### Brief
Only lines with the word "share" belong in the answer; copy them from the records below.

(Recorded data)
-- Opening Marker --
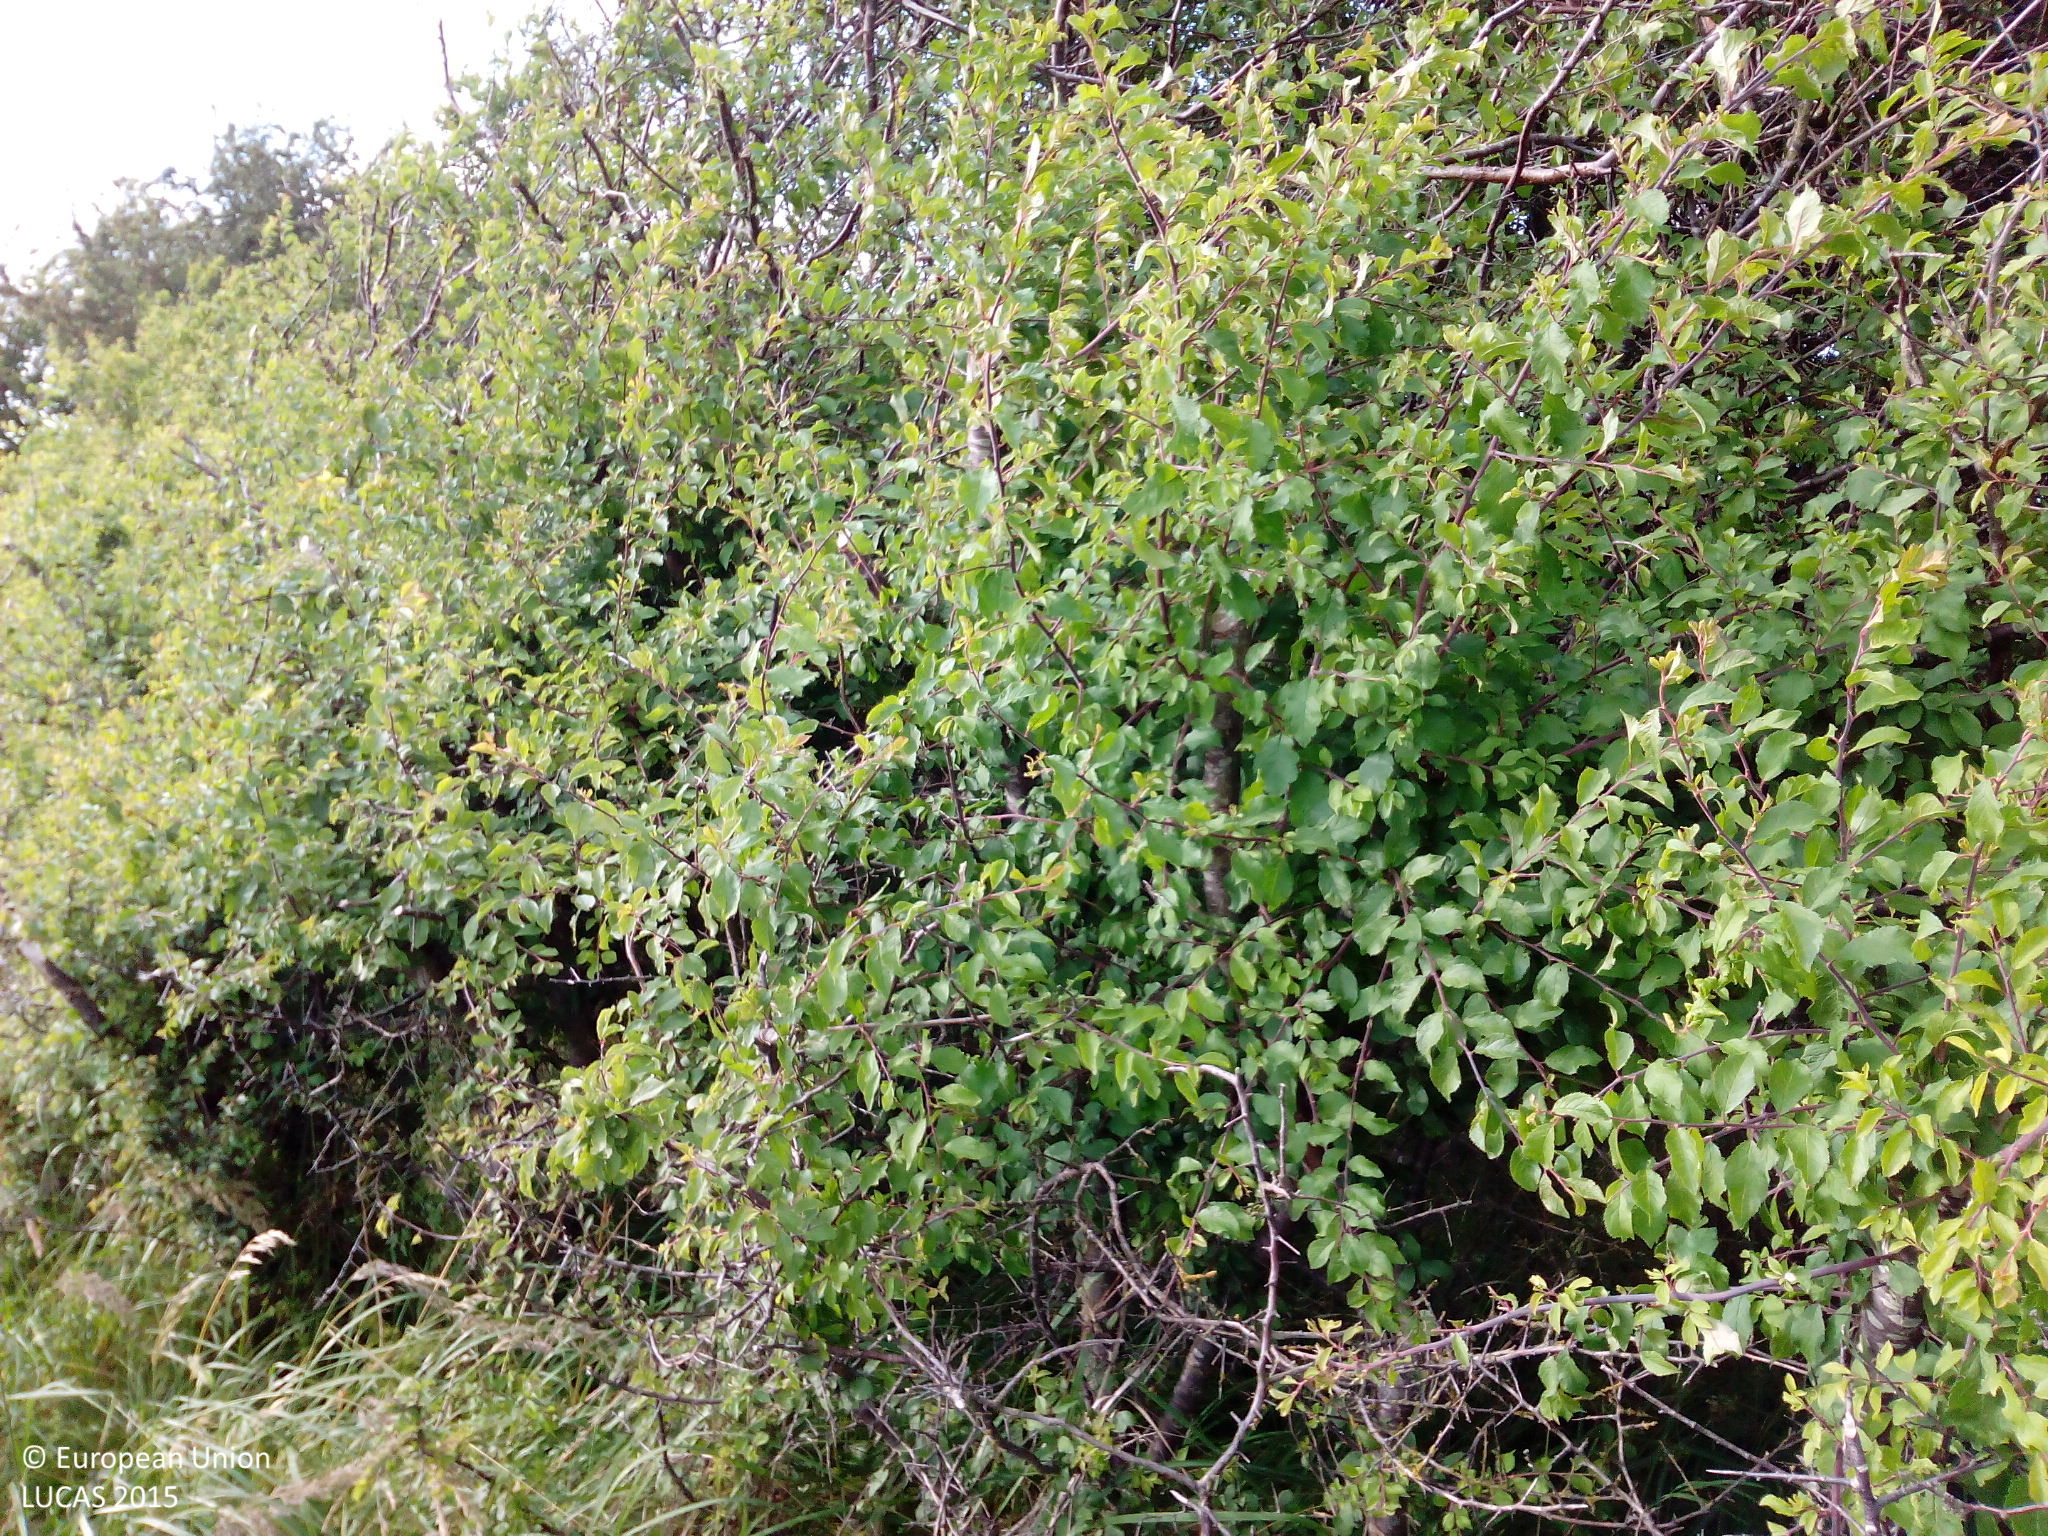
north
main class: Cropland
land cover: Barley
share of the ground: > 75 %
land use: Agriculture (excluding fallow land and kitchen gardens)
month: July
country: DK
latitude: 55.8372
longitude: 11.5154
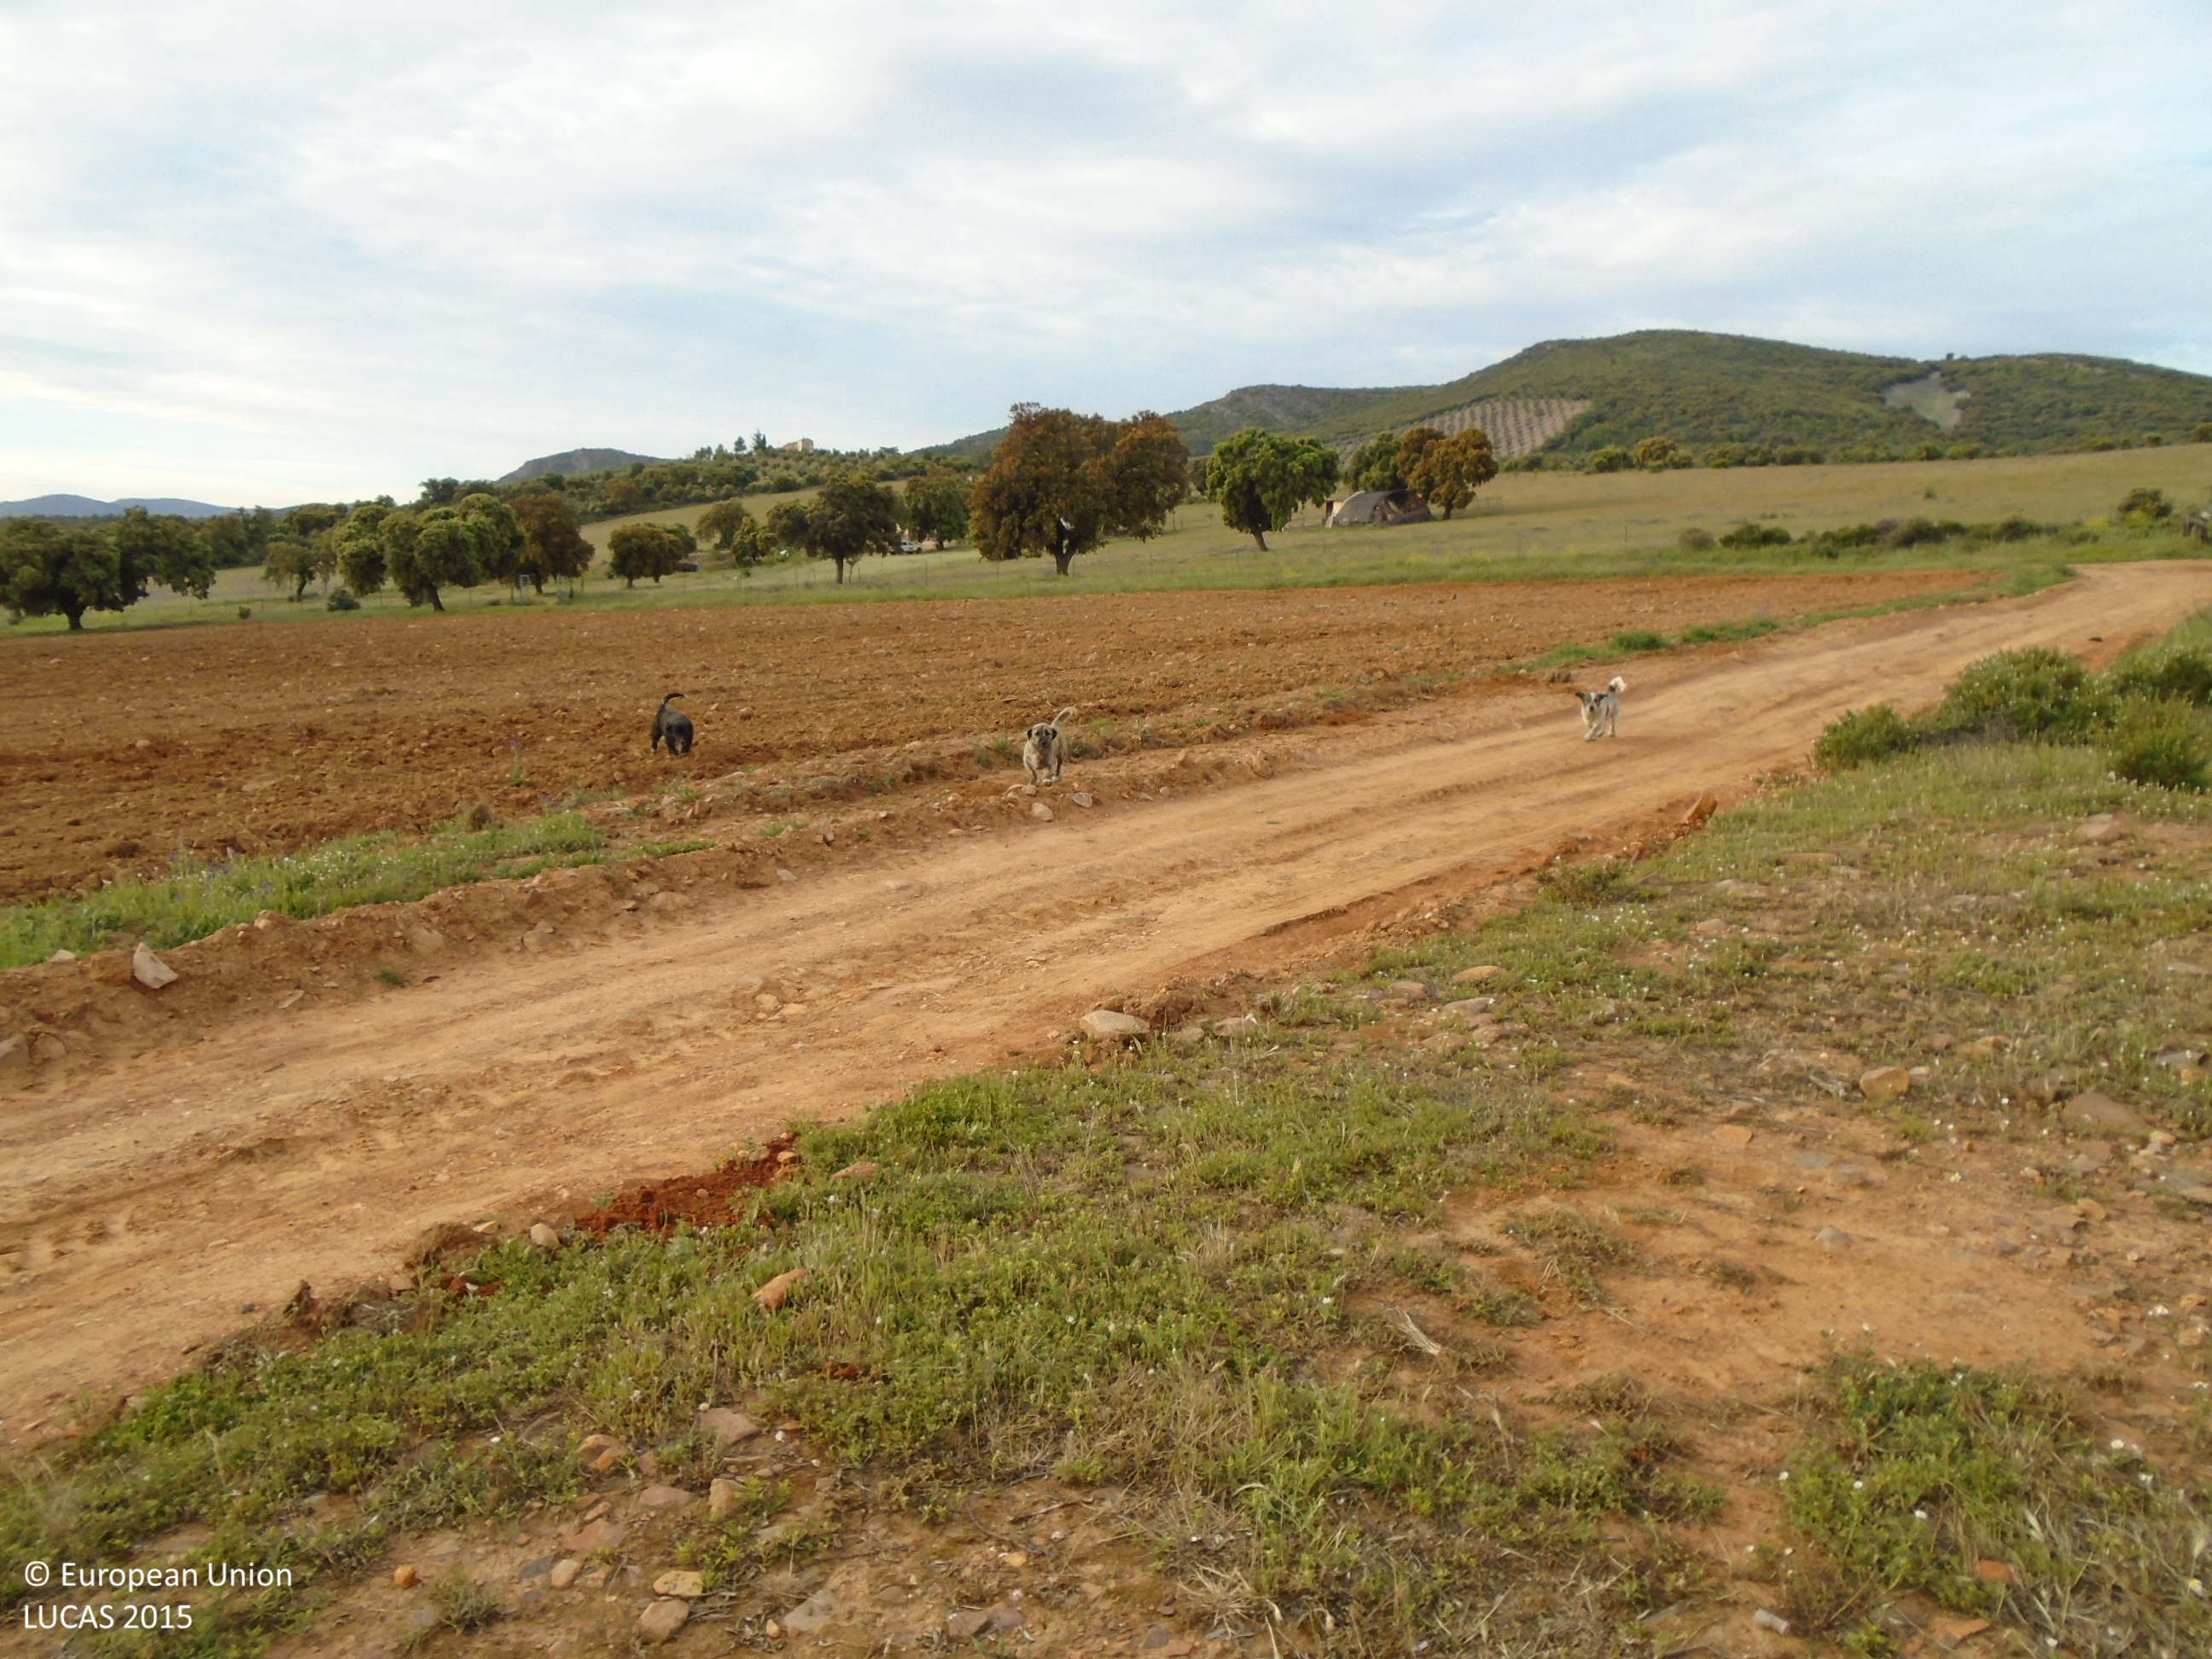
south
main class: Cropland
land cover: Olive groves
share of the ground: 10 - 25 %
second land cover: Other bare soil
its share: > 75 %
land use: Agriculture (excluding fallow land and kitchen gardens)
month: May
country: ES
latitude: 39.6821
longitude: -4.6027
-- Closing Marker --
### Written answer
share of the ground: > 75 %
share of the ground: 10 - 25 %
its share: > 75 %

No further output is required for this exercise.